Isso significa que, agora, a sua intenção é continuar na vida empresarial, adiando um sonho político que pode, ou não, desabrochar no futuro?

A vida tem graça se for vivida com um mínimo de incerteza. Não faço planos a cinco ou 10 anos. A dois anos, estou comprometido com os accionistas da UNICER e com a equipa que entretanto formámos. Depois disso, logo se vê.

 

Para terminar: ama as suas filhas obsessivamente, tal como os seus pais o amaram a si?

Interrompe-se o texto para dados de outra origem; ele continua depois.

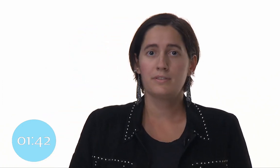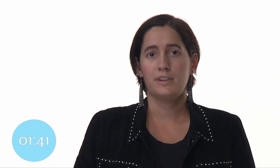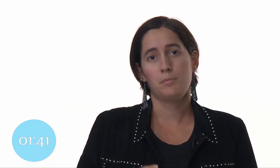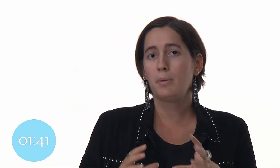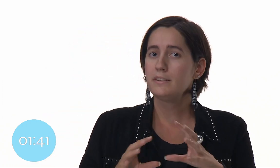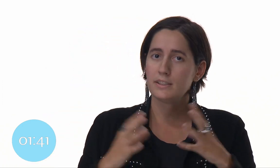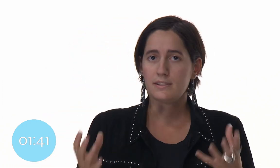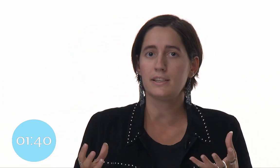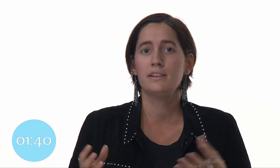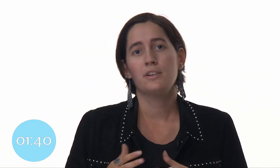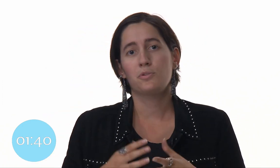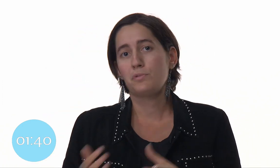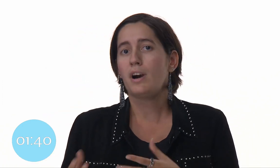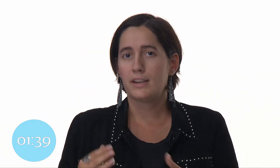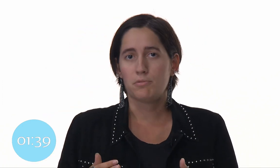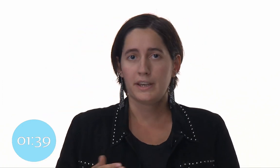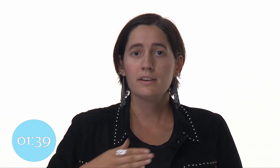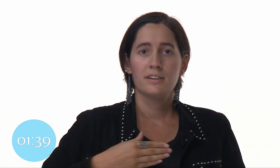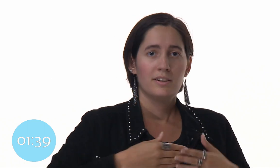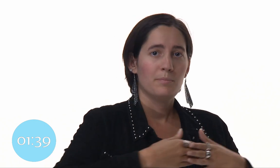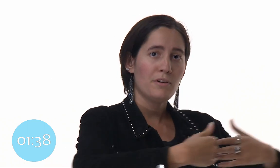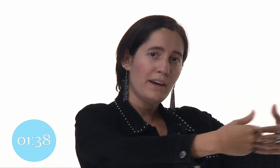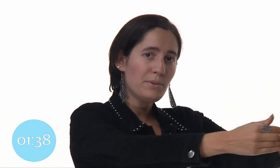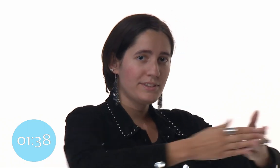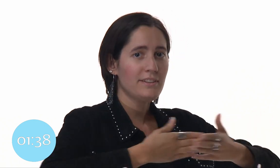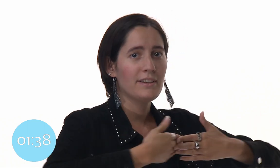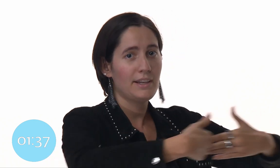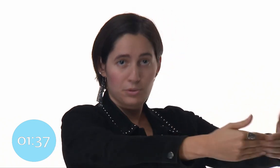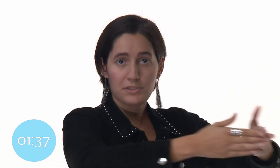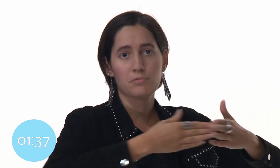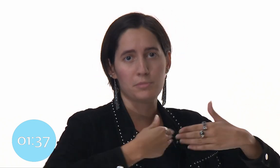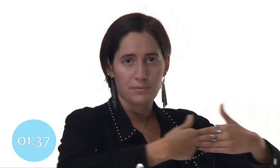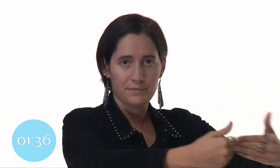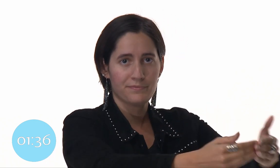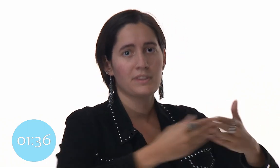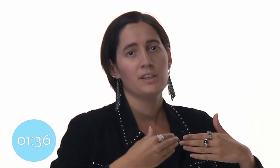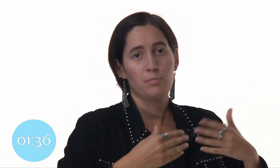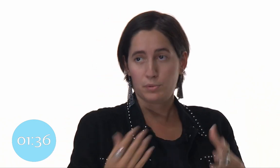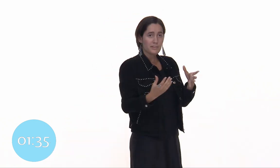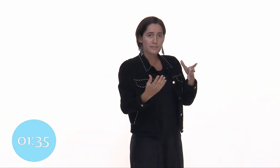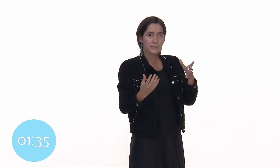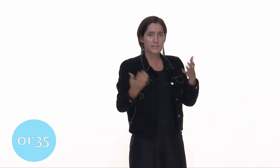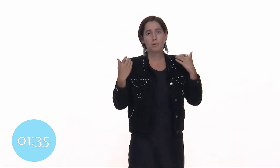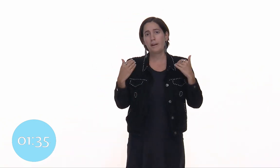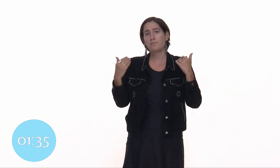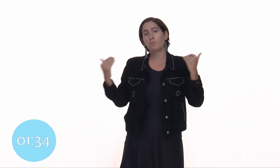les membranes irisées qu'on peut voir à la lumière, peuvent elles aussi être mises en mouvement. Puis, ces membranes se

Amo, mas é um estilo de dedicação diferente. Desde logo porque, fisicamente, não estou tão próximo, não controlo tanto as coisas, e vivo uma época diferente.

 

Quando o vêem nos jornais ou na televisão, a fazer um papel completamente diferente, elas reconhecem e gostam, ou é como se fosse outra figura?

Não, sou eu. É pretensão minha, mas eu sou exactamente aquele. Às vezes temos que fazer alguns papéis, mas eu sou muito aquilo que sou quando apareço nas minhas vidas públicas, seja aqui na UNICER seja na política. A mais velha, Marta, tem 18, entrou em Medicina este ano. A segunda é a Joana, tem 17. Depois tenho a Madalena, que tem seis, a Matilde, que tem dois, e a Patrícia que vai nascer um destes dias! Muitas mulheres!